With a “deep sense of disappointment” Professor John Mendoza resigned as chair of the federal government’s National Advisory Council on Mental Health. And many others in the mental health sector share his abject lament.
Mendoza represents the “extreme frustration felt by the entire mental health field”, according to Australian of the Year and mental health campaigner Professor Patrick McGorry. Mendoza’s advice was constantly ignored, Lesley Russell of the Menzies Centre for Health Policy tells health blog Croakey, by a government that has shown a disregard for addressing the issue.
Croakey sought views from the leading voices in mental health …
Dr Lesley Russell, Menzies Centre for Health Policy, University of Sydney:
The resignation of John Mendoza as the Chair of the National Advisory Council on Mental Health must send a clear message to the Rudd government, the Department of Health and Ageing, the health care community and the voting public that the status quo, where mental health is not a priority — is arguably not even on the radar screen — is no longer acceptable. We are talking about an illness that at some time in their lives will affect around one in five Australians, and yet the government can commit only $117 million (over four years) in new funds for mental health services in a bundle of so-called reforms costing $7.3 billion.
When our most committed advocates like John give up a crucial task in absolute frustration, it makes it very clear how lack of support and interest and any idea of strategic planning or a vision for the future has undermined the effectiveness of the Advisory Council. As someone who served as an adviser to the council, preparing analysis and writing reports, I can readily bear witness to that. The efforts of DoHA staff to rewrite my reports, modify my language and conclusions, and then limit distribution led me eventually to refuse their funding. The last report I prepared for the council was done gratis.
My small contribution to mental health advocacy has been to analyse the data, highlight how little value we are getting from the costly blowouts in the Better Access program, and write increasingly biting commentary. I’d much sooner be working on building a better mental health care system for all Australians. So would everyone else, especially those individuals and families who live with the burden and cost of mental illness.
So let’s all join John Mendoza and send a clarion call to the Prime Minister and his cabinet (because mental illness is not just an issue for the health portfolio) — it’s time for action and commitment, not during the election campaign not after COAG has considered, not after 2011, but now!

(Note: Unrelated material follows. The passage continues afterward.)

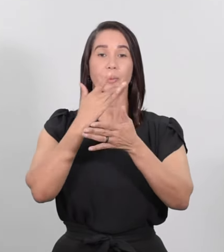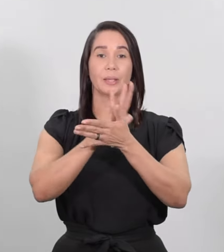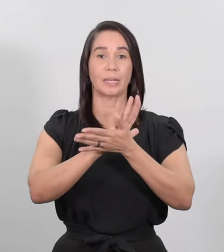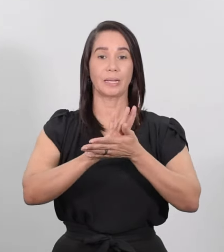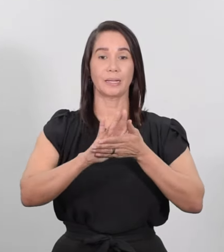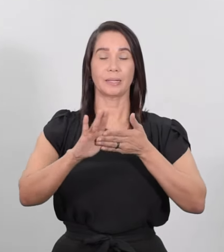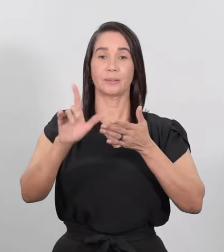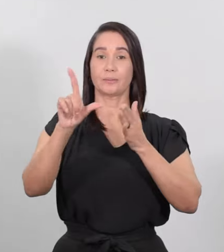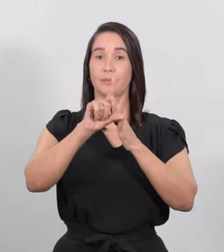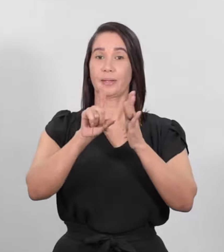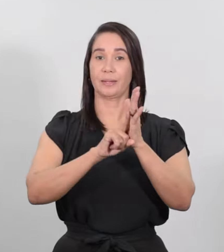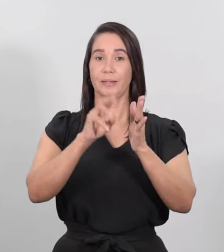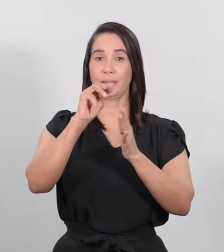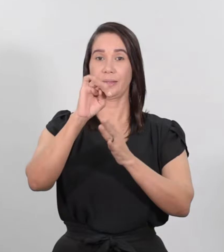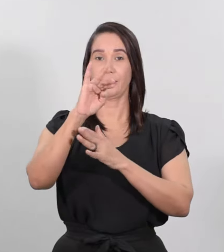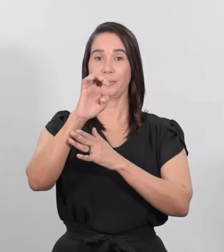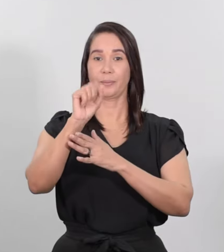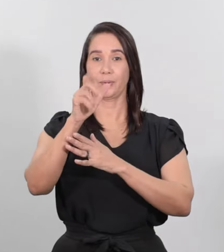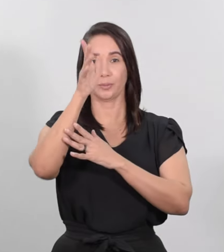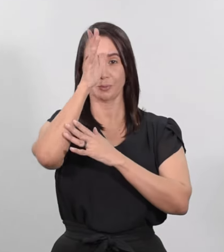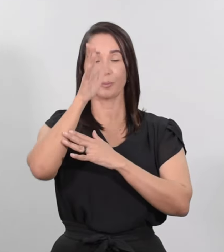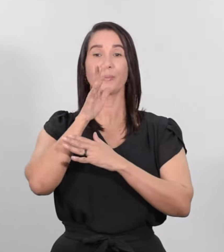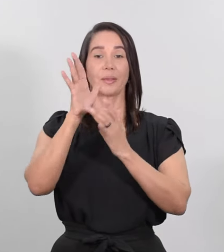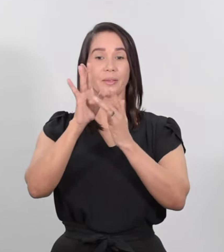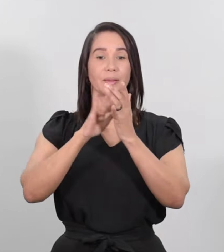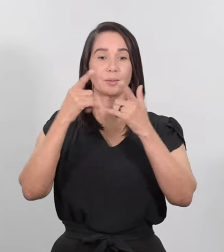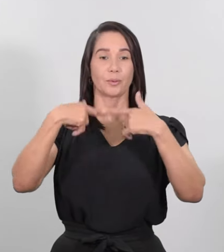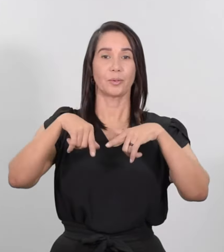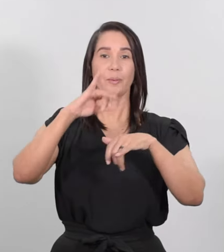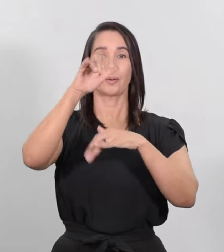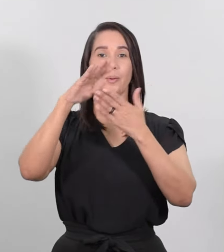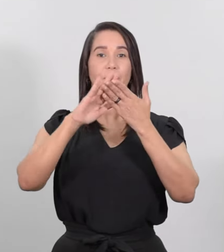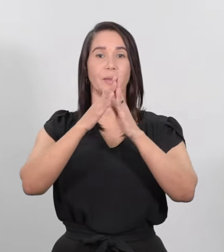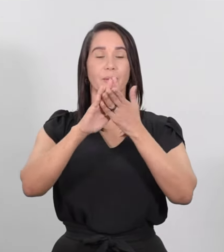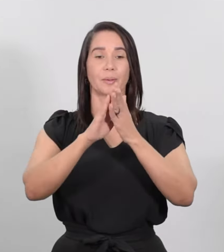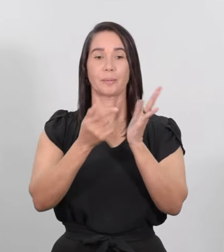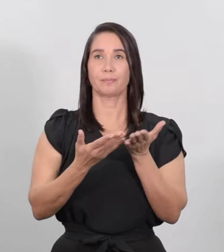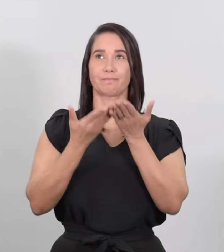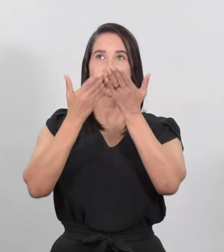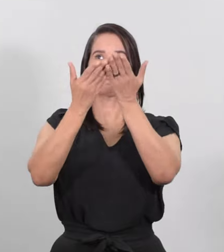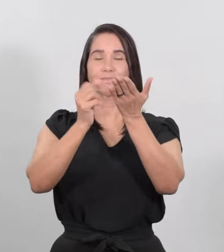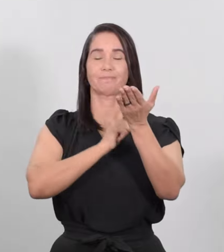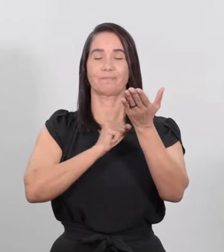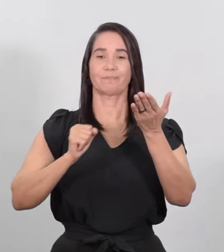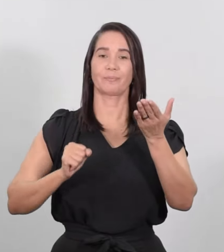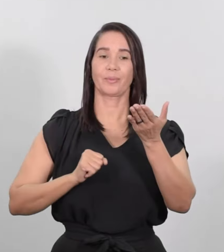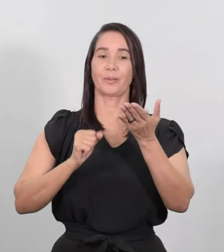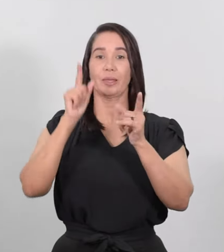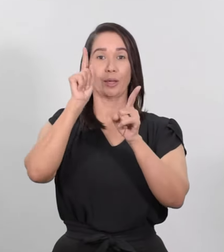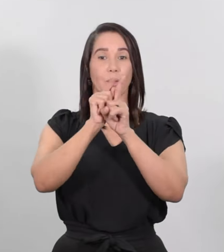según la ley de Moisés, los padres de Jesús lo llevaron a Jerusalén para presentarlo al Señor de acuerdo con lo escrito

There is simply no excuse for this since we have 21st century models ready to go and a set of practical recommendations from the NHHRC. We urgently need a commitment from both sides of politics to end the inequity in investment between physical and mental disorders accompanied by immediate investment from the present government in those programs which are not dependent on the major restructure of the mental health system that federal and state governments all acknowledge is required.
We must not delay this until late 2011. People’s lives are at stake. I am convinced if the government commits to this they will regain the confidence of the whole health sector and revive widespread support across the community who understand the importance of mental health in the modern world.
Sebastian Rosenberg, director of ConNetica Consulting and senior lecturer, Brain and Mind Research Institute, at the Sydney Medical School:
The establishment of the National Advisory Council on Mental Health was a Labor commitment dating back to the Beazley days. It indicated Labor’s support for new processes of engagement with sector expertise, including professionals, consumer and carers. It also indicated Labor’s appreciation that in government it would need to establish new and broader sources of advice about mental health policy and programs, beyond the channels provided by either narrow, vested interests or even by the Commonwealth Department of Health and Ageing.
The NACMH provided several important papers and briefs to the Rudd government, outlining suggestions for how to improve Australia’s struggling mental health system. By and large, as with several other high-profile reports from advisory bodies (the Prevention Taskforce, the Primary Health Care Taskforce, indeed even the National Health and Hospital Reform Commission itself), the NACMH’s advice has been politely ignored. John Mendoza’s resignation sheets home how much work there is still to do to effect the real, national mental health reform promised under the COAG of 2006 by Prime Minister Howard and Premier Iemma. The political landscape and faces may have changed, but the desperate plight of many people living with a mental illness remains.